### [Dataset records]
━━━━━━━━━━━━━━━━

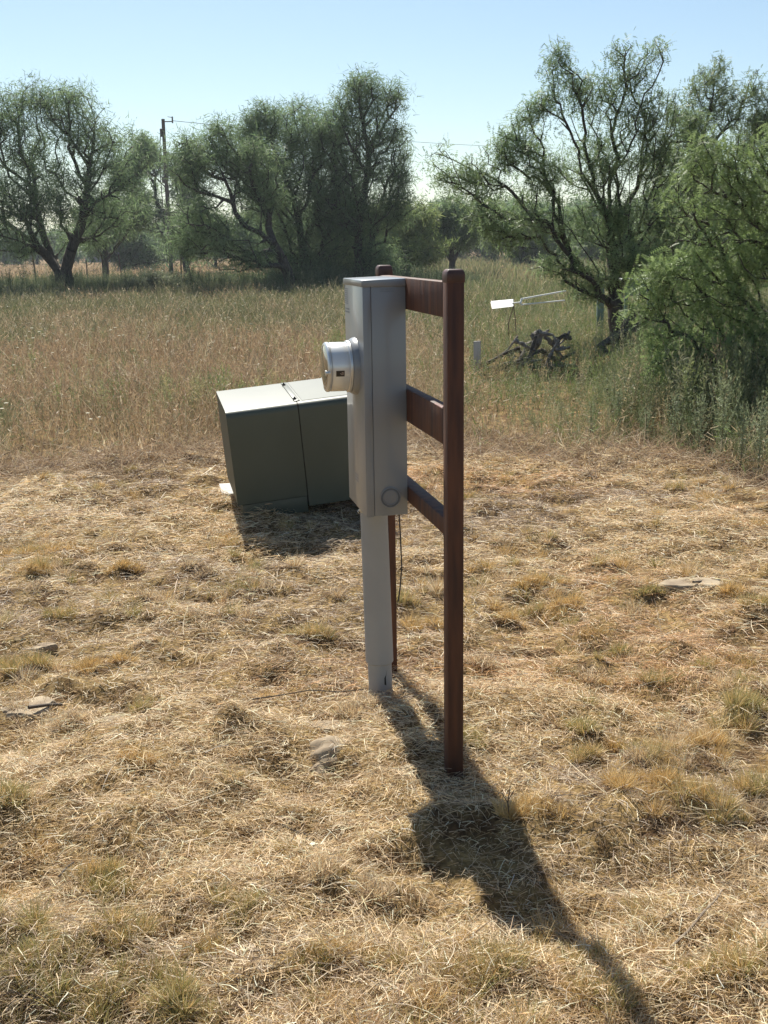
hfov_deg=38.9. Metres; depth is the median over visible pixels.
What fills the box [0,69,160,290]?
mesquite tree
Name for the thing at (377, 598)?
conduit riser
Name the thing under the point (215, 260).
distant tree
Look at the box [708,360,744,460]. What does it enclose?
weed plant
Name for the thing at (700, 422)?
weed plant
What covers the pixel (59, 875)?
stick
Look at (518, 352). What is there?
log
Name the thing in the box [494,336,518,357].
log
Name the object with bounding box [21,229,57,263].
distant tree
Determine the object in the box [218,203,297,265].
distant tree
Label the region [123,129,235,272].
mesquite tree
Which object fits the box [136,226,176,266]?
distant tree
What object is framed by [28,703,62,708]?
stick
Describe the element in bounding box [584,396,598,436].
weed plant
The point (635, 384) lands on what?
leafy weeds
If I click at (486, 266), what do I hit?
field grass
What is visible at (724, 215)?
distant tree
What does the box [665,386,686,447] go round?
weed plant
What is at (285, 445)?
transformer cabinet
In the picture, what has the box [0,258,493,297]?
weed thicket
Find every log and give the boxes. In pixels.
[481,346,520,367]
[488,361,519,369]
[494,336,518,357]
[507,350,536,364]
[512,338,539,353]
[513,349,540,361]
[517,336,536,369]
[519,329,546,358]
[527,337,562,365]
[532,363,573,368]
[535,330,559,347]
[540,348,563,364]
[543,331,570,356]
[546,339,559,364]
[552,333,571,345]
[555,346,569,351]
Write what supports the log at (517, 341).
on the log at (515, 349)
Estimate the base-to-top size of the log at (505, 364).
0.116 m
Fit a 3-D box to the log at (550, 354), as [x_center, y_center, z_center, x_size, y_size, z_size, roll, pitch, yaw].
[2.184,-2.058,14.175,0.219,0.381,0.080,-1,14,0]
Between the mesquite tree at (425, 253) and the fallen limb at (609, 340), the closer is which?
the fallen limb at (609, 340)
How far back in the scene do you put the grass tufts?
3.10 m
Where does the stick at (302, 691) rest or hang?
on the ground at (582, 833)
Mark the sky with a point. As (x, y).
(471, 62)
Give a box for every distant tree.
[0,220,14,258]
[0,230,35,263]
[0,257,25,263]
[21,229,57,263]
[36,225,91,264]
[77,224,176,269]
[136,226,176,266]
[174,212,232,267]
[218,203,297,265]
[257,211,293,262]
[287,200,339,258]
[444,243,479,258]
[464,246,497,258]
[478,191,582,264]
[480,187,534,260]
[534,195,564,254]
[556,190,611,256]
[564,198,625,261]
[615,170,707,260]
[694,165,749,258]
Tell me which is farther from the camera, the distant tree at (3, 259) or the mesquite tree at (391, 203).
the distant tree at (3, 259)
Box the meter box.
[343,276,407,516]
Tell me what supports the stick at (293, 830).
on the ground at (582, 833)
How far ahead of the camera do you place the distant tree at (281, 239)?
91.41 m
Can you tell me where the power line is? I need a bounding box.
[178,121,480,145]
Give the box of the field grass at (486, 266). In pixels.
[0,253,767,318]
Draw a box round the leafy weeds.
[1,287,767,472]
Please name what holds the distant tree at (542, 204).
on the ground at (582, 833)
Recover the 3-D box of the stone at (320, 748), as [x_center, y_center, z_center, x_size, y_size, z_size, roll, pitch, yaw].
[-0.171,0.786,3.526,0.136,0.116,0.162,-5,14,-17]
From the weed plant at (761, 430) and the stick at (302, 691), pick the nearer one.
the stick at (302, 691)
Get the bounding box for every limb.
[597,320,647,353]
[620,278,655,324]
[621,309,668,328]
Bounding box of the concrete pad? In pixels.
[219,483,233,497]
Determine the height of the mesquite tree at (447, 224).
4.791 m
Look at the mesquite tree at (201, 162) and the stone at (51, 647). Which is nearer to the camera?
the stone at (51, 647)
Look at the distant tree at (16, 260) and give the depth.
154.60 m
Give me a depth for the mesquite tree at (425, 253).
52.60 m
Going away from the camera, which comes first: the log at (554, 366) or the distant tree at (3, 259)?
the log at (554, 366)
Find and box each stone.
[2,696,56,718]
[22,642,57,651]
[94,715,125,726]
[309,720,343,732]
[309,735,344,766]
[309,763,330,776]
[658,577,728,591]
[744,909,767,928]
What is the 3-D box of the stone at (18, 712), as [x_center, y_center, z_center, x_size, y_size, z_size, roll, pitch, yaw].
[-1.252,0.706,3.865,0.170,0.046,0.184,8,16,31]
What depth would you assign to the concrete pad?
7.50 m
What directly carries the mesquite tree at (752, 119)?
on the ground at (582, 833)
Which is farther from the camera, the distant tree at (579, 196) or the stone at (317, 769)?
the distant tree at (579, 196)
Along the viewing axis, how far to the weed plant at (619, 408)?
9.07 m
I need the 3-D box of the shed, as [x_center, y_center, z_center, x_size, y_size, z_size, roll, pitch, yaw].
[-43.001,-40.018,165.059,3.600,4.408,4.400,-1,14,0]
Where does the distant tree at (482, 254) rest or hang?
on the ground at (582, 833)
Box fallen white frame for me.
[491,290,565,334]
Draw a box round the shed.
[87,254,110,261]
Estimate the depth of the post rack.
3.21 m
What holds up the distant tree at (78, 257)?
on the ground at (582, 833)
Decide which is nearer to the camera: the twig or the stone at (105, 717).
the twig
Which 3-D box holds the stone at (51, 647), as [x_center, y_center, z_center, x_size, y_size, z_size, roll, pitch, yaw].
[-1.427,0.568,4.502,0.150,0.034,0.079,-2,14,-6]
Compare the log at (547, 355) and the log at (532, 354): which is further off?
the log at (547, 355)
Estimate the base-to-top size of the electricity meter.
0.172 m
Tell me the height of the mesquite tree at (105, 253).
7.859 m
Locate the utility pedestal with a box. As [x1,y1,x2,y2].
[596,279,604,336]
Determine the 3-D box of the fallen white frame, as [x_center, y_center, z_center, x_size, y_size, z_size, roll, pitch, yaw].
[2.258,-2.965,17.011,1.474,0.934,0.282,-8,16,-28]
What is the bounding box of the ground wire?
[398,515,401,601]
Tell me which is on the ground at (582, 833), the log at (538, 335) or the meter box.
the log at (538, 335)
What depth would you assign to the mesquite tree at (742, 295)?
9.31 m
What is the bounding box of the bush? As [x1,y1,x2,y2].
[116,266,187,294]
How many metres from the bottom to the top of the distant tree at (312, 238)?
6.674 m
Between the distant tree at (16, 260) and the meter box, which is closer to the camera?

━━━━━━━━━━━━━━━━

### [What to work on]
Output an exact copy of the material, with the pictures removed.

### [Result for this task]
hfov_deg=38.9. Metres; depth is the median over visible pixels.
What fills the box [0,69,160,290]?
mesquite tree
Name for the thing at (377, 598)?
conduit riser
Name the thing under the point (215, 260).
distant tree
Look at the box [708,360,744,460]. What does it enclose?
weed plant
Name for the thing at (700, 422)?
weed plant
What covers the pixel (59, 875)?
stick
Look at (518, 352). What is there?
log
Name the thing in the box [494,336,518,357].
log
Name the object with bounding box [21,229,57,263].
distant tree
Determine the object in the box [218,203,297,265].
distant tree
Label the region [123,129,235,272].
mesquite tree
Which object fits the box [136,226,176,266]?
distant tree
What object is framed by [28,703,62,708]?
stick
Describe the element in bounding box [584,396,598,436].
weed plant
The point (635, 384) lands on what?
leafy weeds
If I click at (486, 266), what do I hit?
field grass
What is visible at (724, 215)?
distant tree
What does the box [665,386,686,447] go round?
weed plant
What is at (285, 445)?
transformer cabinet
In the picture, what has the box [0,258,493,297]?
weed thicket
Find every log and give the boxes. In pixels.
[481,346,520,367]
[488,361,519,369]
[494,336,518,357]
[507,350,536,364]
[512,338,539,353]
[513,349,540,361]
[517,336,536,369]
[519,329,546,358]
[527,337,562,365]
[532,363,573,368]
[535,330,559,347]
[540,348,563,364]
[543,331,570,356]
[546,339,559,364]
[552,333,571,345]
[555,346,569,351]
Write what supports the log at (517, 341).
on the log at (515, 349)
Estimate the base-to-top size of the log at (505, 364).
0.116 m
Fit a 3-D box to the log at (550, 354), as [x_center, y_center, z_center, x_size, y_size, z_size, roll, pitch, yaw].
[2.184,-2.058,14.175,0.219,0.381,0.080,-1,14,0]
Between the mesquite tree at (425, 253) and the fallen limb at (609, 340), the closer is which?
the fallen limb at (609, 340)
How far back in the scene do you put the grass tufts?
3.10 m
Where does the stick at (302, 691) rest or hang?
on the ground at (582, 833)
Mark the sky with a point. As (x, y).
(471, 62)
Give a box for every distant tree.
[0,220,14,258]
[0,230,35,263]
[0,257,25,263]
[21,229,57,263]
[36,225,91,264]
[77,224,176,269]
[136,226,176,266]
[174,212,232,267]
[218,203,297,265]
[257,211,293,262]
[287,200,339,258]
[444,243,479,258]
[464,246,497,258]
[478,191,582,264]
[480,187,534,260]
[534,195,564,254]
[556,190,611,256]
[564,198,625,261]
[615,170,707,260]
[694,165,749,258]
Tell me which is farther from the camera, the distant tree at (3, 259) or the mesquite tree at (391, 203).
the distant tree at (3, 259)
Box the meter box.
[343,276,407,516]
Tell me what supports the stick at (293, 830).
on the ground at (582, 833)
How far ahead of the camera do you place the distant tree at (281, 239)?
91.41 m
Can you tell me where the power line is? I need a bounding box.
[178,121,480,145]
Give the box of the field grass at (486, 266). In pixels.
[0,253,767,318]
Draw a box round the leafy weeds.
[1,287,767,472]
Please name what holds the distant tree at (542, 204).
on the ground at (582, 833)
Recover the 3-D box of the stone at (320, 748), as [x_center, y_center, z_center, x_size, y_size, z_size, roll, pitch, yaw].
[-0.171,0.786,3.526,0.136,0.116,0.162,-5,14,-17]
From the weed plant at (761, 430) and the stick at (302, 691), pick the nearer one.
the stick at (302, 691)
Get the bounding box for every limb.
[597,320,647,353]
[620,278,655,324]
[621,309,668,328]
Bounding box of the concrete pad? In pixels.
[219,483,233,497]
Determine the height of the mesquite tree at (447, 224).
4.791 m
Look at the mesquite tree at (201, 162) and the stone at (51, 647). Which is nearer to the camera?
the stone at (51, 647)
Look at the distant tree at (16, 260) and give the depth.
154.60 m
Give me a depth for the mesquite tree at (425, 253).
52.60 m
Going away from the camera, which comes first: the log at (554, 366) or the distant tree at (3, 259)?
the log at (554, 366)
Find and box each stone.
[2,696,56,718]
[22,642,57,651]
[94,715,125,726]
[309,720,343,732]
[309,735,344,766]
[309,763,330,776]
[658,577,728,591]
[744,909,767,928]
What is the 3-D box of the stone at (18, 712), as [x_center, y_center, z_center, x_size, y_size, z_size, roll, pitch, yaw].
[-1.252,0.706,3.865,0.170,0.046,0.184,8,16,31]
What depth would you assign to the concrete pad?
7.50 m
What directly carries the mesquite tree at (752, 119)?
on the ground at (582, 833)
Which is farther from the camera, the distant tree at (579, 196) or the stone at (317, 769)?
the distant tree at (579, 196)
Along the viewing axis, how far to the weed plant at (619, 408)?
9.07 m
I need the 3-D box of the shed, as [x_center, y_center, z_center, x_size, y_size, z_size, roll, pitch, yaw].
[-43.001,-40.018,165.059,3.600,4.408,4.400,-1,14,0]
Where does the distant tree at (482, 254) rest or hang?
on the ground at (582, 833)
Box fallen white frame for me.
[491,290,565,334]
Draw a box round the shed.
[87,254,110,261]
Estimate the depth of the post rack.
3.21 m
What holds up the distant tree at (78, 257)?
on the ground at (582, 833)
Decide which is nearer to the camera: the twig or the stone at (105, 717).
the twig
Which 3-D box holds the stone at (51, 647), as [x_center, y_center, z_center, x_size, y_size, z_size, roll, pitch, yaw].
[-1.427,0.568,4.502,0.150,0.034,0.079,-2,14,-6]
Compare the log at (547, 355) and the log at (532, 354): which is further off?
the log at (547, 355)
Estimate the base-to-top size of the electricity meter.
0.172 m
Tell me the height of the mesquite tree at (105, 253).
7.859 m
Locate the utility pedestal with a box. As [x1,y1,x2,y2].
[596,279,604,336]
Determine the 3-D box of the fallen white frame, as [x_center, y_center, z_center, x_size, y_size, z_size, roll, pitch, yaw].
[2.258,-2.965,17.011,1.474,0.934,0.282,-8,16,-28]
What is the bounding box of the ground wire?
[398,515,401,601]
Tell me which is on the ground at (582, 833), the log at (538, 335) or the meter box.
the log at (538, 335)
What depth would you assign to the mesquite tree at (742, 295)?
9.31 m
What is the bounding box of the bush? As [x1,y1,x2,y2].
[116,266,187,294]
How many metres from the bottom to the top of the distant tree at (312, 238)?
6.674 m
Between the distant tree at (16, 260) and the meter box, which is closer to the camera?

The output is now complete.